18 mars 2007

IVième dimanche de Carême ; de St Jean Climaque







Marc IX, 17-31

17 Et un homme de la foule lui répondit: Maître, j'ai amené auprès de toi mon fils, qui est possédé d'un esprit muet.
18 En quelque lieu qu'il le saisisse, il le jette par terre ; l'enfant écume, grince des dents, et devient tout raide. J'ai prié tes disciples de chasser l'esprit, et ils n'ont pas pu.
19 Race incrédule, leur dit Jésus, jusques à quand serai-je avec vous ? jusques à quand vous supporterai-je ? Amenez-le-moi. On le lui amena.
20 Et aussitôt que l'enfant vit Jésus, l'esprit l'agita avec violence ; il tomba par terre, et se roulait en écumant.
21 Jésus demanda au père : Combien y a-t-il de temps que cela lui arrive ? Depuis son enfance, répondit-il.
22 Et souvent l'esprit l'a jeté dans le feu et dans l'eau pour le faire périr. Mais, si tu peux quelque chose, viens à notre secours, aie compassion de nous.
23 Jésus lui dit : Si tu peux!... Tout est possible à celui qui croit.
24 Aussitôt le père de l'enfant s'écria : Je crois! viens au secours de mon incrédulité!
25 Jésus, voyant accourir la foule, menaça l'esprit impur, et lui dit : Esprit muet et sourd, je te l'ordonne, sors de cet enfant, et n'y rentre plus.
26 Et il sortit, en poussant des cris, et en l'agitant avec une grande violence.

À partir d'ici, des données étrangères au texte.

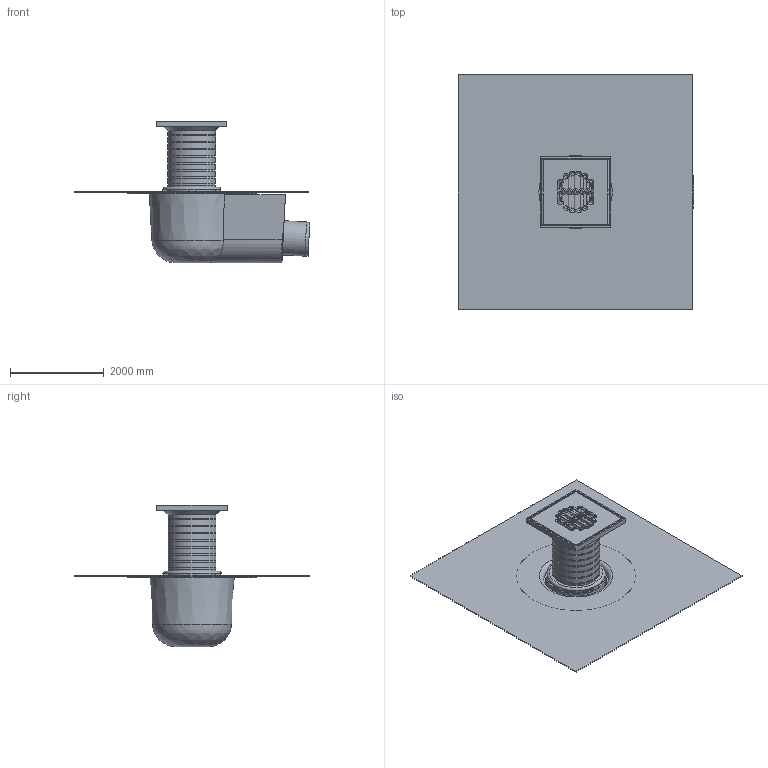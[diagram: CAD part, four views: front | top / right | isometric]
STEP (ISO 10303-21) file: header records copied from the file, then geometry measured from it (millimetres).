
FILE_DESCRIPTION(/* description */ (''),/* implementation_level */ '2;1');
FILE_NAME(/* name */ '16323.070X_3D.stp',/* time_stamp */ '2025-01-06T10:02:44+01:00',/* author */ ('c.rudolph'),/* organization */ (''),/* preprocessor_version */ 'ST-DEVELOPER v20',/* originating_system */ 'AutoCAD Mechanical',/* authorisation */ '');
FILE_SCHEMA (('AUTOMOTIVE_DESIGN { 1 0 10303 214 3 1 1 }'));
Length unit declared in the file: centimetre
Products named in the file (2): Product; *S0
Assembly tree (1 placements, depth 2):
  Product
    *S0
Bounding box: 5018.78 x 5000 x 3010.54 mm (x, y, z)
Volume: 3652164433.5 mm3; surface area: 136515146.5 mm2
Topology: 14 solids, 15 shells, 608 faces, 1450 edges, 891 vertices
Faces by surface type: plane 255, cylinder 192, torus 95, cone 57, sphere 8, bspline 1
Full cylindrical faces by diameter (mm): 35 x4, 40 x6, 80 x6, 100 x2, 698 x2, 730 x4, 960 x1, 1010 x8, 1020 x11, 1024 x1, 1150 x1, 1160 x2, 1200 x3, 1280 x1, 1330 x2, 1400 x2, 1430 x2, 1460 x2
Entity records: 19217 total; most frequent: CARTESIAN_POINT 4633, DIRECTION 3265, ORIENTED_EDGE 2896, EDGE_CURVE 1448, AXIS2_PLACEMENT_3D 1329, VERTEX_POINT 887, CIRCLE 693, EDGE_LOOP 681

L'enfant devint comme mort, de sorte que plusieurs disaient qu'il était mort.
27 Mais Jésus, l'ayant pris par la main, le fit lever. Et il se tint debout.
28 Quand Jésus fut entré dans la maison, ses disciples lui demandèrent en particulier : Pourquoi n'avons-nous pu chasser cet esprit?
29 Il leur dit : Cette espèce-là ne peut sortir que par la prière.
30 Ils partirent de là, et traversèrent la Galilée. Jésus ne voulait pas qu'on le sût.
31 Car il enseignait ses disciples, et il leur dit : Le Fils de l'homme sera livré entre les mains des hommes; ils le feront mourir, et, trois jours après qu'il aura été mis à mort, il ressuscitera.

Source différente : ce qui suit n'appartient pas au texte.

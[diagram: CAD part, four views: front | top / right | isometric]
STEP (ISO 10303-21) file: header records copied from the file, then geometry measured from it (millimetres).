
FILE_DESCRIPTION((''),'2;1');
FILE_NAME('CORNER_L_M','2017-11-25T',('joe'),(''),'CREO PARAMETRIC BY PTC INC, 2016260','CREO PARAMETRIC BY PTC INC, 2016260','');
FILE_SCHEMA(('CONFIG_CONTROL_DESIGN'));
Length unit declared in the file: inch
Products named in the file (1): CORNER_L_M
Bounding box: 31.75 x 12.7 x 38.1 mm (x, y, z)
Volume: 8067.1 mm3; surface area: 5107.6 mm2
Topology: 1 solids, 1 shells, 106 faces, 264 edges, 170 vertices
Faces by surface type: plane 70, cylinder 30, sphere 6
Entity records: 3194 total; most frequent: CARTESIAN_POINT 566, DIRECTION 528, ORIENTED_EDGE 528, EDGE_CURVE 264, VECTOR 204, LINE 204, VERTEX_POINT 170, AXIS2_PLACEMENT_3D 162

Un moine orthodoxe de l'Eglise d'occident


Chers Père, Mères, frères et sœurs !

S’il est bien une icône que l’on pourrait appeler icône de carême c’est bien celle de la Descente aux Enfers.
Pourquoi ?
Parcequ’il en est de même dans cette icône autant que dans notre carême, que dans toute notre vie d’ailleurs, c'est-à-dire que le Christ en est le centre ; le Christ en est le but.
Nous le voyons se détacher nettement de la mandorle qui l’entoure, et si nous poussons plus loin notre contemplation, nous constatons que les cercles concentriques de cette mandorle se font de plus en plus sombres au fur et à mesure que l’on progresse de l’extérieur vers le Christ ; de sorte que la zone la plus sombre précède directement la lumière Christique ; tranchant ainsi de manière nette et flagrante.

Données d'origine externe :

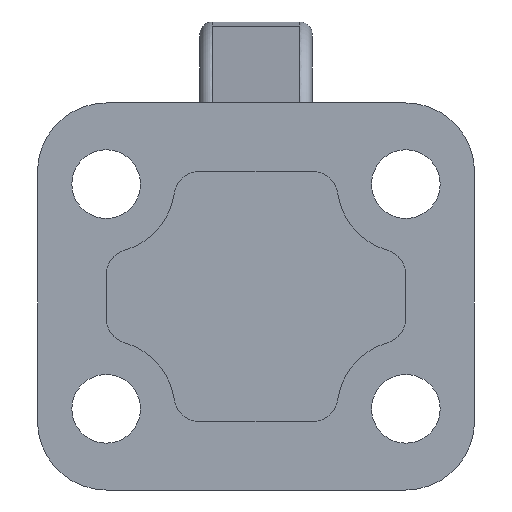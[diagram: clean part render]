
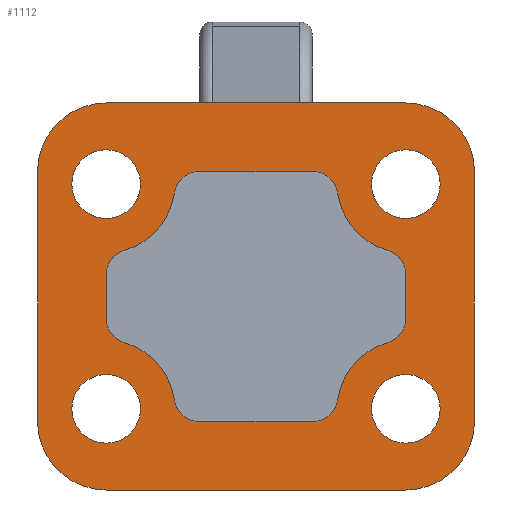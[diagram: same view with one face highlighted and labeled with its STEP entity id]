
A CAD part, front view. The second image highlights one B-rep face of the part: STEP entity #1112.
In plain terms, the highlighted planar face has unit normal (0, -1, 0).
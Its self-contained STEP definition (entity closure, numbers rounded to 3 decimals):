
#35=LINE('',#1767,#115);
#39=LINE('',#1777,#119);
#44=LINE('',#1791,#124);
#48=LINE('',#1803,#128);
#56=LINE('',#1826,#136);
#57=LINE('',#1834,#137);
#58=LINE('',#1842,#138);
#59=LINE('',#1850,#139);
#115=VECTOR('',#1390,1000.);
#119=VECTOR('',#1400,1000.);
#124=VECTOR('',#1413,1000.);
#128=VECTOR('',#1425,1000.);
#136=VECTOR('',#1447,1000.);
#137=VECTOR('',#1454,1000.);
#138=VECTOR('',#1461,1000.);
#139=VECTOR('',#1468,1000.);
#190=PLANE('',#1219);
#292=ORIENTED_EDGE('',*,*,#588,.T.);
#293=ORIENTED_EDGE('',*,*,#589,.T.);
#294=ORIENTED_EDGE('',*,*,#590,.T.);
#295=ORIENTED_EDGE('',*,*,#591,.F.);
#296=ORIENTED_EDGE('',*,*,#592,.T.);
#297=ORIENTED_EDGE('',*,*,#593,.T.);
#298=ORIENTED_EDGE('',*,*,#594,.T.);
#299=ORIENTED_EDGE('',*,*,#595,.F.);
#300=ORIENTED_EDGE('',*,*,#596,.T.);
#301=ORIENTED_EDGE('',*,*,#597,.T.);
#302=ORIENTED_EDGE('',*,*,#598,.T.);
#303=ORIENTED_EDGE('',*,*,#599,.F.);
#304=ORIENTED_EDGE('',*,*,#600,.T.);
#305=ORIENTED_EDGE('',*,*,#601,.T.);
#306=ORIENTED_EDGE('',*,*,#602,.T.);
#307=ORIENTED_EDGE('',*,*,#603,.F.);
#308=ORIENTED_EDGE('',*,*,#528,.T.);
#309=ORIENTED_EDGE('',*,*,#532,.T.);
#310=ORIENTED_EDGE('',*,*,#530,.T.);
#311=ORIENTED_EDGE('',*,*,#534,.T.);
#312=ORIENTED_EDGE('',*,*,#559,.F.);
#313=ORIENTED_EDGE('',*,*,#581,.F.);
#314=ORIENTED_EDGE('',*,*,#577,.F.);
#315=ORIENTED_EDGE('',*,*,#574,.F.);
#316=ORIENTED_EDGE('',*,*,#571,.F.);
#317=ORIENTED_EDGE('',*,*,#568,.F.);
#318=ORIENTED_EDGE('',*,*,#564,.F.);
#319=ORIENTED_EDGE('',*,*,#562,.F.);
#528=EDGE_CURVE('',#686,#686,#794,.T.);
#530=EDGE_CURVE('',#688,#688,#796,.T.);
#532=EDGE_CURVE('',#690,#690,#798,.T.);
#534=EDGE_CURVE('',#692,#692,#800,.T.);
#559=EDGE_CURVE('',#716,#717,#35,.T.);
#562=EDGE_CURVE('',#717,#718,#812,.T.);
#564=EDGE_CURVE('',#718,#719,#39,.T.);
#568=EDGE_CURVE('',#719,#722,#813,.T.);
#571=EDGE_CURVE('',#722,#724,#44,.T.);
#574=EDGE_CURVE('',#724,#726,#815,.T.);
#577=EDGE_CURVE('',#726,#728,#48,.T.);
#581=EDGE_CURVE('',#728,#716,#817,.T.);
#588=EDGE_CURVE('',#734,#735,#820,.T.);
#589=EDGE_CURVE('',#735,#736,#56,.T.);
#590=EDGE_CURVE('',#736,#737,#821,.T.);
#591=EDGE_CURVE('',#738,#737,#822,.T.);
#592=EDGE_CURVE('',#738,#739,#823,.T.);
#593=EDGE_CURVE('',#739,#740,#57,.T.);
#594=EDGE_CURVE('',#740,#741,#824,.T.);
#595=EDGE_CURVE('',#742,#741,#825,.T.);
#596=EDGE_CURVE('',#742,#743,#826,.T.);
#597=EDGE_CURVE('',#743,#744,#58,.T.);
#598=EDGE_CURVE('',#744,#745,#827,.T.);
#599=EDGE_CURVE('',#746,#745,#828,.T.);
#600=EDGE_CURVE('',#746,#747,#829,.T.);
#601=EDGE_CURVE('',#747,#748,#59,.T.);
#602=EDGE_CURVE('',#748,#749,#830,.T.);
#603=EDGE_CURVE('',#734,#749,#831,.T.);
#686=VERTEX_POINT('',#1700);
#688=VERTEX_POINT('',#1705);
#690=VERTEX_POINT('',#1710);
#692=VERTEX_POINT('',#1715);
#716=VERTEX_POINT('',#1768);
#717=VERTEX_POINT('',#1769);
#718=VERTEX_POINT('',#1774);
#719=VERTEX_POINT('',#1778);
#722=VERTEX_POINT('',#1786);
#724=VERTEX_POINT('',#1792);
#726=VERTEX_POINT('',#1798);
#728=VERTEX_POINT('',#1804);
#734=VERTEX_POINT('',#1824);
#735=VERTEX_POINT('',#1825);
#736=VERTEX_POINT('',#1827);
#737=VERTEX_POINT('',#1829);
#738=VERTEX_POINT('',#1831);
#739=VERTEX_POINT('',#1833);
#740=VERTEX_POINT('',#1835);
#741=VERTEX_POINT('',#1837);
#742=VERTEX_POINT('',#1839);
#743=VERTEX_POINT('',#1841);
#744=VERTEX_POINT('',#1843);
#745=VERTEX_POINT('',#1845);
#746=VERTEX_POINT('',#1847);
#747=VERTEX_POINT('',#1849);
#748=VERTEX_POINT('',#1851);
#749=VERTEX_POINT('',#1853);
#794=CIRCLE('',#1178,2.75);
#796=CIRCLE('',#1181,2.75);
#798=CIRCLE('',#1184,2.75);
#800=CIRCLE('',#1187,2.75);
#812=CIRCLE('',#1204,5.5);
#813=CIRCLE('',#1207,5.5);
#815=CIRCLE('',#1211,5.5);
#817=CIRCLE('',#1215,5.5);
#820=CIRCLE('',#1220,2.);
#821=CIRCLE('',#1221,2.);
#822=CIRCLE('',#1222,5.5);
#823=CIRCLE('',#1223,2.);
#824=CIRCLE('',#1224,2.);
#825=CIRCLE('',#1225,5.5);
#826=CIRCLE('',#1226,2.);
#827=CIRCLE('',#1227,2.);
#828=CIRCLE('',#1228,5.5);
#829=CIRCLE('',#1229,2.);
#830=CIRCLE('',#1230,2.);
#831=CIRCLE('',#1231,5.5);
#896=EDGE_LOOP('',(#292,#293,#294,#295,#296,#297,#298,#299,#300,#301,#302,
#303,#304,#305,#306,#307));
#897=EDGE_LOOP('',(#308));
#898=EDGE_LOOP('',(#309));
#899=EDGE_LOOP('',(#310));
#900=EDGE_LOOP('',(#311));
#901=EDGE_LOOP('',(#312,#313,#314,#315,#316,#317,#318,#319));
#990=FACE_BOUND('',#896,.T.);
#991=FACE_BOUND('',#897,.T.);
#992=FACE_BOUND('',#898,.T.);
#993=FACE_BOUND('',#899,.T.);
#994=FACE_BOUND('',#900,.T.);
#995=FACE_BOUND('',#901,.T.);
#1112=ADVANCED_FACE('',(#990,#991,#992,#993,#994,#995),#190,.F.);
#1178=AXIS2_PLACEMENT_3D('',#1699,#1327,#1328);
#1181=AXIS2_PLACEMENT_3D('',#1704,#1333,#1334);
#1184=AXIS2_PLACEMENT_3D('',#1709,#1339,#1340);
#1187=AXIS2_PLACEMENT_3D('',#1714,#1345,#1346);
#1204=AXIS2_PLACEMENT_3D('',#1773,#1395,#1396);
#1207=AXIS2_PLACEMENT_3D('',#1785,#1406,#1407);
#1211=AXIS2_PLACEMENT_3D('',#1797,#1418,#1419);
#1215=AXIS2_PLACEMENT_3D('',#1809,#1431,#1432);
#1219=AXIS2_PLACEMENT_3D('',#1822,#1443,#1444);
#1220=AXIS2_PLACEMENT_3D('',#1823,#1445,#1446);
#1221=AXIS2_PLACEMENT_3D('',#1828,#1448,#1449);
#1222=AXIS2_PLACEMENT_3D('',#1830,#1450,#1451);
#1223=AXIS2_PLACEMENT_3D('',#1832,#1452,#1453);
#1224=AXIS2_PLACEMENT_3D('',#1836,#1455,#1456);
#1225=AXIS2_PLACEMENT_3D('',#1838,#1457,#1458);
#1226=AXIS2_PLACEMENT_3D('',#1840,#1459,#1460);
#1227=AXIS2_PLACEMENT_3D('',#1844,#1462,#1463);
#1228=AXIS2_PLACEMENT_3D('',#1846,#1464,#1465);
#1229=AXIS2_PLACEMENT_3D('',#1848,#1466,#1467);
#1230=AXIS2_PLACEMENT_3D('',#1852,#1469,#1470);
#1231=AXIS2_PLACEMENT_3D('',#1854,#1471,#1472);
#1327=DIRECTION('',(0.,1.,0.));
#1328=DIRECTION('',(1.,0.,0.));
#1333=DIRECTION('',(0.,1.,0.));
#1334=DIRECTION('',(1.,0.,0.));
#1339=DIRECTION('',(0.,1.,0.));
#1340=DIRECTION('',(1.,0.,0.));
#1345=DIRECTION('',(0.,1.,0.));
#1346=DIRECTION('',(1.,0.,0.));
#1390=DIRECTION('',(0.,0.,1.));
#1395=DIRECTION('',(0.,1.,0.));
#1396=DIRECTION('',(1.,0.,0.));
#1400=DIRECTION('',(1.,0.,0.));
#1406=DIRECTION('',(0.,1.,0.));
#1407=DIRECTION('',(1.,0.,0.));
#1413=DIRECTION('',(0.,0.,-1.));
#1418=DIRECTION('',(0.,1.,0.));
#1419=DIRECTION('',(1.,0.,0.));
#1425=DIRECTION('',(-1.,0.,0.));
#1431=DIRECTION('',(0.,1.,0.));
#1432=DIRECTION('',(1.,0.,0.));
#1443=DIRECTION('',(0.,1.,0.));
#1444=DIRECTION('',(0.,0.,1.));
#1445=DIRECTION('',(0.,1.,0.));
#1446=DIRECTION('',(1.,0.,0.));
#1447=DIRECTION('',(0.,0.,1.));
#1448=DIRECTION('',(0.,1.,0.));
#1449=DIRECTION('',(1.,0.,0.));
#1450=DIRECTION('',(0.,1.,0.));
#1451=DIRECTION('',(1.,0.,0.));
#1452=DIRECTION('',(0.,1.,0.));
#1453=DIRECTION('',(1.,0.,0.));
#1454=DIRECTION('',(1.,0.,0.));
#1455=DIRECTION('',(0.,1.,0.));
#1456=DIRECTION('',(1.,0.,0.));
#1457=DIRECTION('',(0.,1.,0.));
#1458=DIRECTION('',(1.,0.,0.));
#1459=DIRECTION('',(0.,1.,0.));
#1460=DIRECTION('',(1.,0.,0.));
#1461=DIRECTION('',(0.,0.,-1.));
#1462=DIRECTION('',(0.,1.,0.));
#1463=DIRECTION('',(1.,0.,0.));
#1464=DIRECTION('',(0.,1.,0.));
#1465=DIRECTION('',(1.,0.,0.));
#1466=DIRECTION('',(0.,1.,0.));
#1467=DIRECTION('',(1.,0.,0.));
#1468=DIRECTION('',(-1.,0.,0.));
#1469=DIRECTION('',(0.,1.,0.));
#1470=DIRECTION('',(1.,0.,0.));
#1471=DIRECTION('',(0.,1.,0.));
#1472=DIRECTION('',(1.,0.,0.));
#1699=CARTESIAN_POINT('',(-12.,0.,9.));
#1700=CARTESIAN_POINT('',(-9.25,0.,9.));
#1704=CARTESIAN_POINT('',(12.,0.,9.));
#1705=CARTESIAN_POINT('',(14.75,0.,9.));
#1709=CARTESIAN_POINT('',(-12.,0.,-9.));
#1710=CARTESIAN_POINT('',(-9.25,0.,-9.));
#1714=CARTESIAN_POINT('',(12.,0.,-9.));
#1715=CARTESIAN_POINT('',(14.75,0.,-9.));
#1767=CARTESIAN_POINT('',(-17.5,0.,-10.));
#1768=CARTESIAN_POINT('',(-17.5,0.,-10.));
#1769=CARTESIAN_POINT('',(-17.5,0.,10.));
#1773=CARTESIAN_POINT('',(-12.,0.,10.));
#1774=CARTESIAN_POINT('',(-12.,0.,15.5));
#1777=CARTESIAN_POINT('',(-12.,0.,15.5));
#1778=CARTESIAN_POINT('',(12.,0.,15.5));
#1785=CARTESIAN_POINT('',(12.,0.,10.));
#1786=CARTESIAN_POINT('',(17.5,0.,10.));
#1791=CARTESIAN_POINT('',(17.5,0.,10.));
#1792=CARTESIAN_POINT('',(17.5,0.,-10.));
#1797=CARTESIAN_POINT('',(12.,0.,-10.));
#1798=CARTESIAN_POINT('',(12.,0.,-15.5));
#1803=CARTESIAN_POINT('',(12.,0.,-15.5));
#1804=CARTESIAN_POINT('',(-12.,0.,-15.5));
#1809=CARTESIAN_POINT('',(-12.,0.,-10.));
#1822=CARTESIAN_POINT('',(-12.,0.,10.));
#1823=CARTESIAN_POINT('',(-10.,0.,-1.772));
#1824=CARTESIAN_POINT('',(-10.533,0.,-3.699));
#1825=CARTESIAN_POINT('',(-12.,0.,-1.772));
#1826=CARTESIAN_POINT('',(-12.,0.,-1.772));
#1827=CARTESIAN_POINT('',(-12.,0.,1.772));
#1828=CARTESIAN_POINT('',(-10.,0.,1.772));
#1829=CARTESIAN_POINT('',(-10.533,0.,3.699));
#1830=CARTESIAN_POINT('',(-12.,0.,9.));
#1831=CARTESIAN_POINT('',(-6.549,0.,8.267));
#1832=CARTESIAN_POINT('',(-4.567,0.,8.));
#1833=CARTESIAN_POINT('',(-4.567,0.,10.));
#1834=CARTESIAN_POINT('',(-4.567,0.,10.));
#1835=CARTESIAN_POINT('',(4.567,0.,10.));
#1836=CARTESIAN_POINT('',(4.567,0.,8.));
#1837=CARTESIAN_POINT('',(6.549,0.,8.267));
#1838=CARTESIAN_POINT('',(12.,0.,9.));
#1839=CARTESIAN_POINT('',(10.533,0.,3.699));
#1840=CARTESIAN_POINT('',(10.,0.,1.772));
#1841=CARTESIAN_POINT('',(12.,0.,1.772));
#1842=CARTESIAN_POINT('',(12.,0.,1.772));
#1843=CARTESIAN_POINT('',(12.,0.,-1.772));
#1844=CARTESIAN_POINT('',(10.,0.,-1.772));
#1845=CARTESIAN_POINT('',(10.533,0.,-3.699));
#1846=CARTESIAN_POINT('',(12.,0.,-9.));
#1847=CARTESIAN_POINT('',(6.549,0.,-8.267));
#1848=CARTESIAN_POINT('',(4.567,0.,-8.));
#1849=CARTESIAN_POINT('',(4.567,0.,-10.));
#1850=CARTESIAN_POINT('',(4.567,0.,-10.));
#1851=CARTESIAN_POINT('',(-4.567,0.,-10.));
#1852=CARTESIAN_POINT('',(-4.567,0.,-8.));
#1853=CARTESIAN_POINT('',(-6.549,0.,-8.267));
#1854=CARTESIAN_POINT('',(-12.,0.,-9.));

A vue humaine cela peut sembler étonnant voire même contradictoire : en effet toute quête, toute avancée vers le Christ se doit d’être de plus en plus lumineuse ; certes. Mais dans la vie spirituelle, cette progression vers le Christ ne peut se faire que par une humilité toujours de plus en plus grande, par un renoncement lui aussi toujours de plus en plus grand, donc par un cheminement qui sera souvent obscurci par notre orgueil, par nos passions et en définitive par notre manque d’amour ; ce manque d’amour qui est trop souvent la source de nos maux et tout compte fait, ce manque d’amour qui est le péché par excellence.
Et pourtant, cette constatation de notre état de faiblesse ; loin de nous rebuter doit nous dynamiser et nous remplir de confiance de par le but que nous ne devons jamais perdre de vue, à savoir la rencontre avec Dieu.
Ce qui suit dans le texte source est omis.